→ **What you are asked to do**
Would you return the records below character for character, without any images?

====

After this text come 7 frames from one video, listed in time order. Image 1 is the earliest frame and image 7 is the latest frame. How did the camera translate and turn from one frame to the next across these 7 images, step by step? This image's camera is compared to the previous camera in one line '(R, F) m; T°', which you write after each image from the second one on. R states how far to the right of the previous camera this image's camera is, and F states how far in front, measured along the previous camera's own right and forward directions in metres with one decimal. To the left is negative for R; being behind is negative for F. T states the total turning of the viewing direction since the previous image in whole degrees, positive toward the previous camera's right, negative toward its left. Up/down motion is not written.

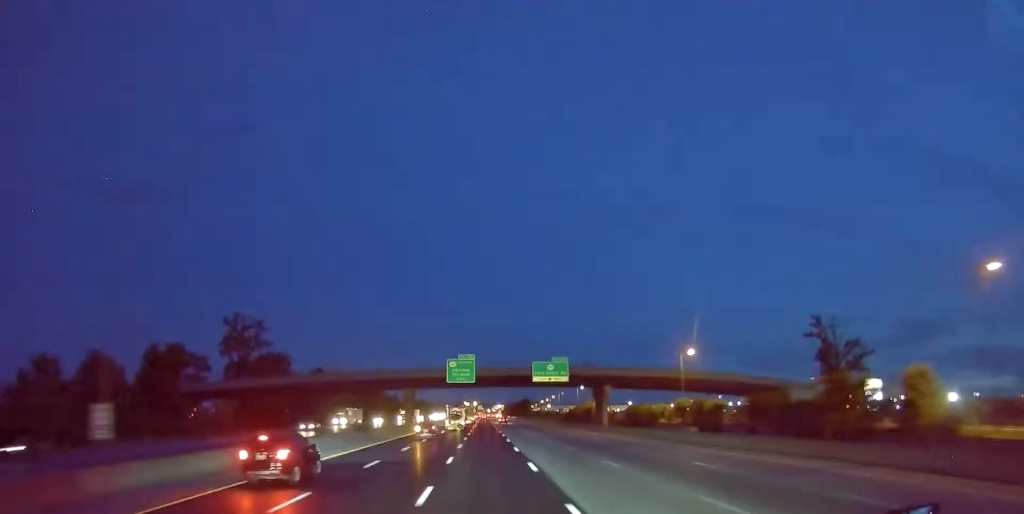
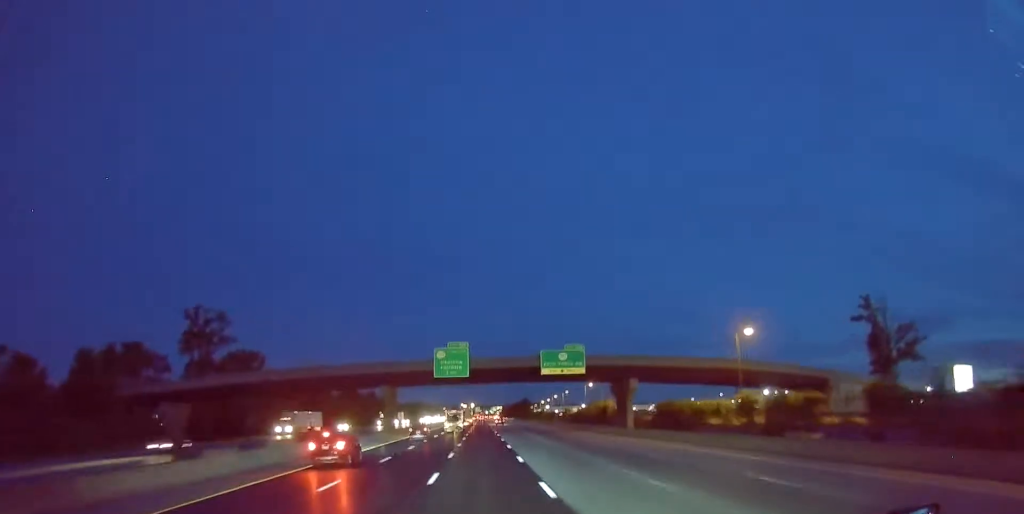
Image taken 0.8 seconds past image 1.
(+0.2, +19.9) m; +1°
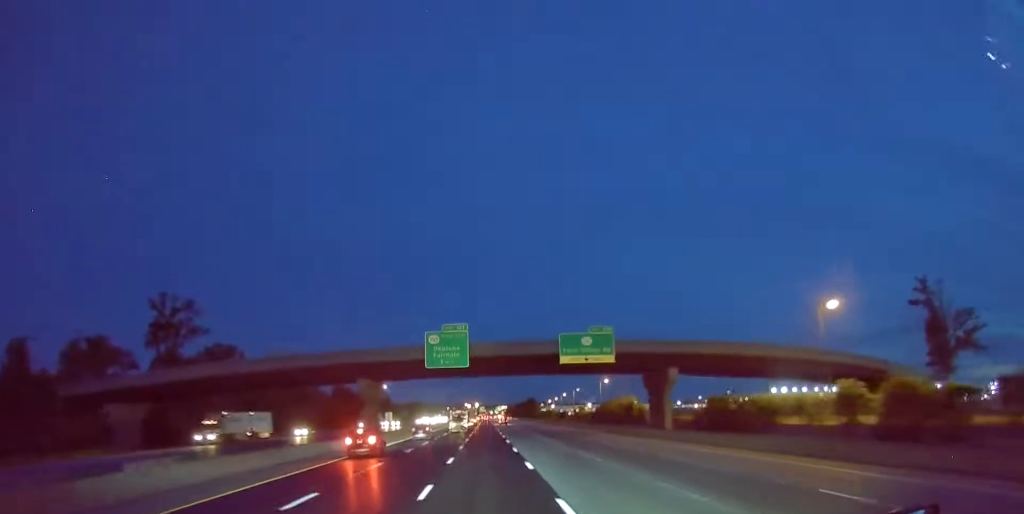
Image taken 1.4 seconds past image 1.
(+0.1, +16.6) m; 0°
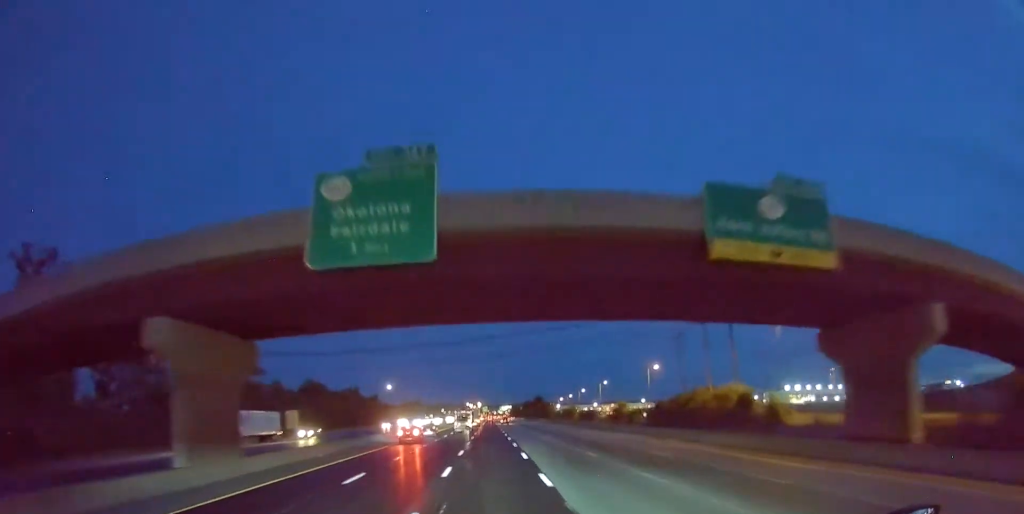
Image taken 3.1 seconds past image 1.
(0.0, +42.4) m; 0°
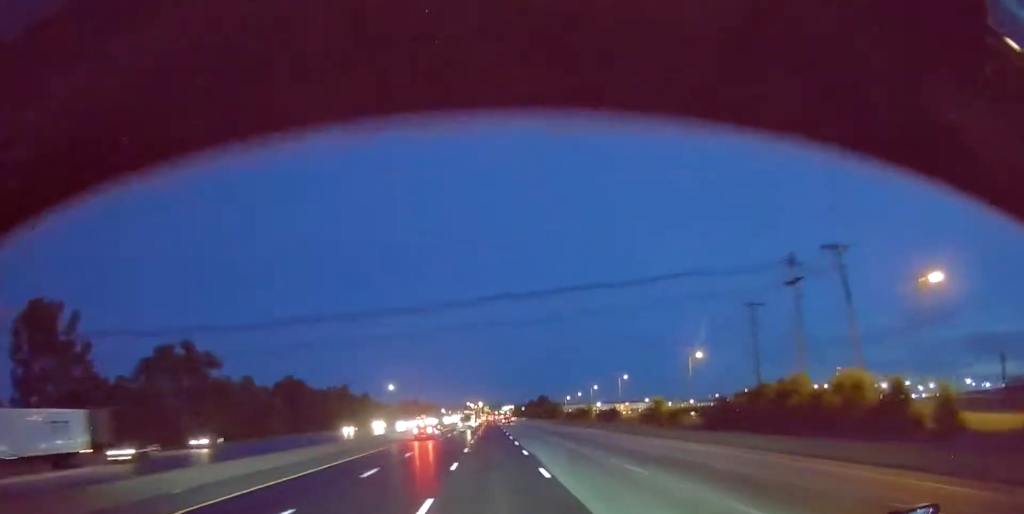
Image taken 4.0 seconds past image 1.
(0.0, +22.7) m; -2°
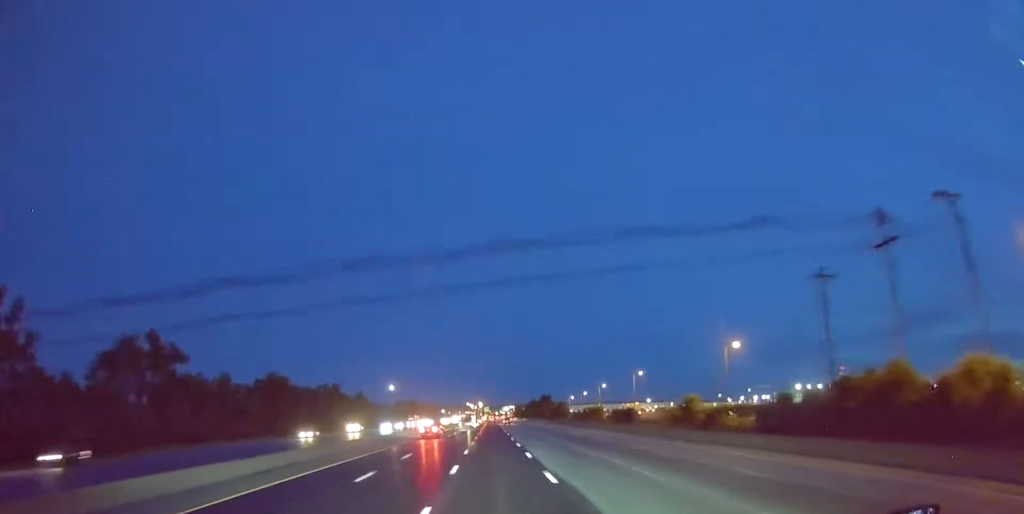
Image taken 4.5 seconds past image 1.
(-0.3, +13.2) m; -1°
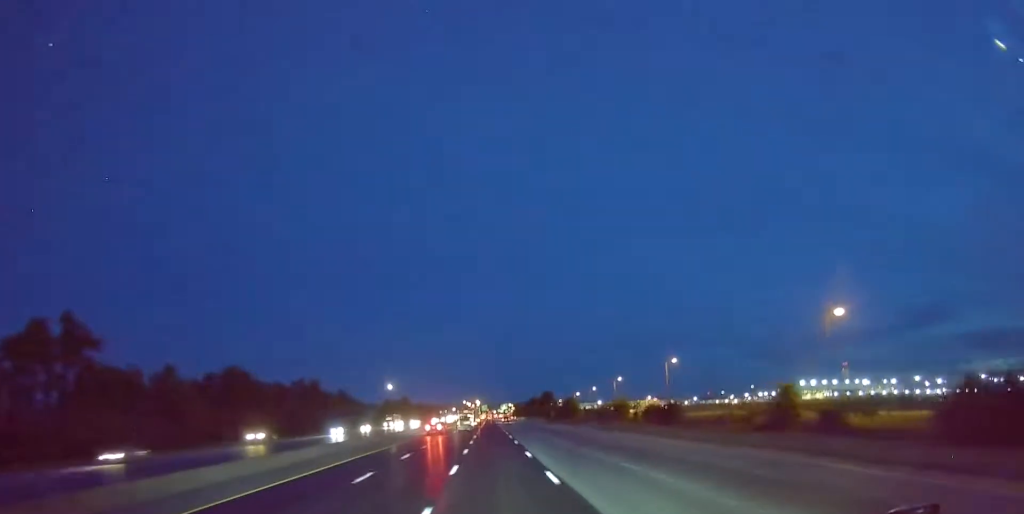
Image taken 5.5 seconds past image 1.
(-0.6, +25.1) m; +1°

====

→ **Output of the task**
After this text come 7 frames from one video, listed in time order. Image 1 is the earliest frame and image 7 is the latest frame. How did the camera translate and turn from one frame to the next across these 7 images, step by step? This image's camera is compared to the previous camera in one line '(R, F) m; T°', which you write after each image from the second one on. R states how far to the right of the previous camera this image's camera is, and F states how far in front, measured along the previous camera's own right and forward directions in metres with one decimal. To the left is negative for R; being behind is negative for F. T states the total turning of the viewing direction since the previous image in whole degrees, positive toward the previous camera's right, negative toward its left. Up/down motion is not written.

Image taken 0.8 seconds past image 1.
(+0.2, +19.9) m; +1°
Image taken 1.4 seconds past image 1.
(+0.1, +16.6) m; 0°
Image taken 3.1 seconds past image 1.
(0.0, +42.4) m; 0°
Image taken 4.0 seconds past image 1.
(0.0, +22.7) m; -2°
Image taken 4.5 seconds past image 1.
(-0.3, +13.2) m; -1°
Image taken 5.5 seconds past image 1.
(-0.6, +25.1) m; +1°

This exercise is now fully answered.